Downhole formation fluid sampling tools, often called formation testing tools, operate to draw, and sometimes test, fluid samples from formations. Useful measurements can be made on these fluid samples while the tool is downhole, and/or upon samples that are retained and brought uphole.
When a fluid sample is taken in a hydrocarbon bearing zone, it can be very useful to determine properties of the hydrocarbon sample, for example viscosity and/or molecular composition. However, existing techniques are limited in their ability to determine these properties. For example, viscosity can be predicted from the damping of a vibrating mechanical instrument, but such measurements downhole require that the device operate in a difficult environment that is not conducive to reliable and accurate operation of the device. A nuclear magnetic resonance (NMR) tool can be employed in a formation testing tool (see, for example, U.S. Pat. No. 6,111,408), and NMR measurements on formation fluids can provide information from which properties of the fluids can be inferred. Because petroleum fluids are complex mixtures containing many different kinds of hydrocarbon molecules, the accurate prediction of viscosity and composition for arbitrary temperature (T) and pressure (P) is difficult. One approach is to use physics models or correlations that relate the physical property being predicted to NMR measurements using an equation containing empirically determined parameters.
An example of a technique for the prediction of viscosity of formation fluids from NMR measurements of relaxation time (T1 and T2) and diffusion coefficient (D) distributions is based on empirical correlations (see Morriss et al., SPWLA Annual Transactions, p. 1–24, Jun. 19–22, 1994; Freedman et al., SPE Journal (75325), December 2001; Lo et al., SPE Journal (77264), March 2002).

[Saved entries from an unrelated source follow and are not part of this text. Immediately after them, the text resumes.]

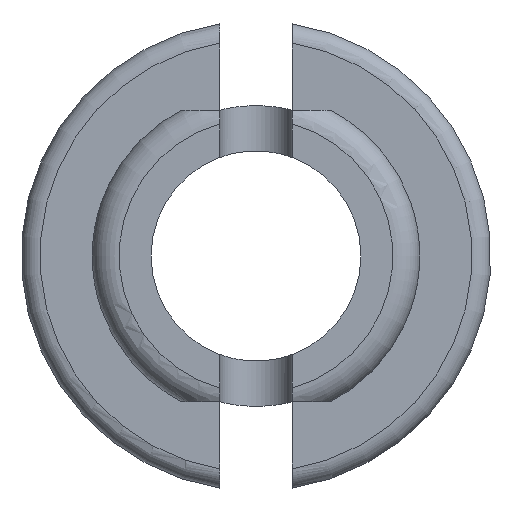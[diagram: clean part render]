
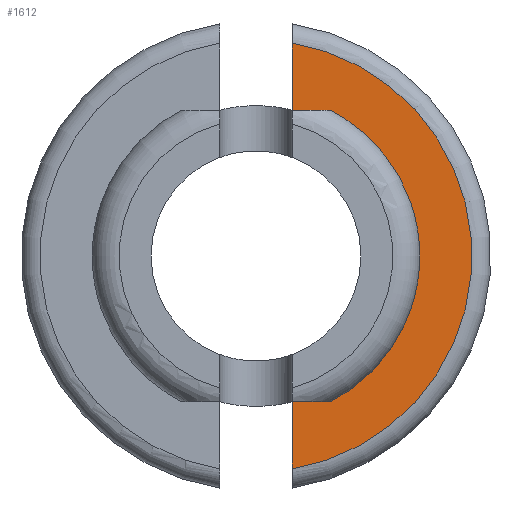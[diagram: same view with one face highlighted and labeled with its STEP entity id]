
A CAD part, left-side view. The second image highlights one B-rep face of the part: STEP entity #1612.
In plain terms, the highlighted planar face has unit normal (-1, 0, 0).
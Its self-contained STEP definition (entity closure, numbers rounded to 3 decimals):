
#43=CIRCLE('',#1726,2.4);
#44=CIRCLE('',#1727,2.4);
#45=CIRCLE('',#1728,3.45);
#123=FACE_OUTER_BOUND('',#210,.T.);
#210=EDGE_LOOP('',(#1125,#1126,#1127,#1128,#1129));
#388=LINE('',#2409,#521);
#394=LINE('',#2533,#527);
#521=VECTOR('',#1879,10.);
#527=VECTOR('',#1893,10.);
#660=VERTEX_POINT('',#2397);
#661=VERTEX_POINT('',#2408);
#666=VERTEX_POINT('',#2530);
#667=VERTEX_POINT('',#2532);
#682=VERTEX_POINT('',#2620);
#824=EDGE_CURVE('',#661,#660,#388,.T.);
#836=EDGE_CURVE('',#667,#666,#394,.T.);
#855=EDGE_CURVE('',#666,#682,#43,.T.);
#856=EDGE_CURVE('',#682,#661,#44,.T.);
#857=EDGE_CURVE('',#667,#660,#45,.T.);
#1125=ORIENTED_EDGE('',*,*,#836,.T.);
#1126=ORIENTED_EDGE('',*,*,#855,.T.);
#1127=ORIENTED_EDGE('',*,*,#856,.T.);
#1128=ORIENTED_EDGE('',*,*,#824,.T.);
#1129=ORIENTED_EDGE('',*,*,#857,.F.);
#1563=PLANE('',#1725);
#1612=ADVANCED_FACE('',(#123),#1563,.T.);
#1725=AXIS2_PLACEMENT_3D('',#2619,#1916,#1917);
#1726=AXIS2_PLACEMENT_3D('',#2621,#1918,#1919);
#1727=AXIS2_PLACEMENT_3D('',#2622,#1920,#1921);
#1728=AXIS2_PLACEMENT_3D('',#2623,#1922,#1923);
#1879=DIRECTION('',(0.,0.,-1.));
#1893=DIRECTION('',(0.,0.,-1.));
#1916=DIRECTION('center_axis',(-1.,0.,0.));
#1917=DIRECTION('ref_axis',(0.,0.,1.));
#1918=DIRECTION('center_axis',(1.,0.,0.));
#1919=DIRECTION('ref_axis',(0.,0.,-1.));
#1920=DIRECTION('center_axis',(1.,0.,0.));
#1921=DIRECTION('ref_axis',(0.,0.,-1.));
#1922=DIRECTION('center_axis',(1.,0.,0.));
#1923=DIRECTION('ref_axis',(0.,0.,-1.));
#2397=CARTESIAN_POINT('',(-0.825,-0.575,-3.402));
#2408=CARTESIAN_POINT('',(-0.825,-0.575,-2.33));
#2409=CARTESIAN_POINT('',(-0.825,-0.575,0.));
#2530=CARTESIAN_POINT('',(-0.825,-0.575,2.33));
#2532=CARTESIAN_POINT('',(-0.825,-0.575,3.402));
#2533=CARTESIAN_POINT('',(-0.825,-0.575,0.));
#2619=CARTESIAN_POINT('Origin',(-0.825,3.45,0.));
#2620=CARTESIAN_POINT('',(-0.825,-2.4,0.));
#2621=CARTESIAN_POINT('Origin',(-0.825,0.,0.));
#2622=CARTESIAN_POINT('Origin',(-0.825,0.,0.));
#2623=CARTESIAN_POINT('Origin',(-0.825,0.,0.));

The correlations relate the logarithmic means of the distributions to viscosity using empirically determined constants. The accuracy of the viscosities predicted from these correlations is limited by three factors: (1) the detailed shape of the distributions is not accounted for (2) the empirical constants used in the correlations are not universal and can vary by as much as a factor of two for different oils and (3) the assumed form for the correlation equations is not strictly accurate.
Molecular composition can be very coarsely estimated in downhole fluid sampling tools using optical density measurements as a function of wavelength for radiation in the near infrared region (see Fujisawa et al., SPE 84092, presented at the 2003 SPE ATCE meeting). The technique uses principal component regression analysis to predict molecular groupings, i.e., C1, C2–C5, and C6+. Physics based parametric models have been proposed to predict molecular composition of crude oils from NMR measurements of relaxation time and diffusion coefficient distributions (see Heaton and Freedman U.S. Patent Publication, 2003-0128032-A1). However, it is difficult using physics models to properly account for different molecular shapes (e.g., aromatic and aliphatic hydrocarbon molecules), pressure and temperature effects, and dissolved gases.
It is among the objects of the present invention to provide a method for determination of formation fluid characteristics which overcomes shortcomings of prior art approaches.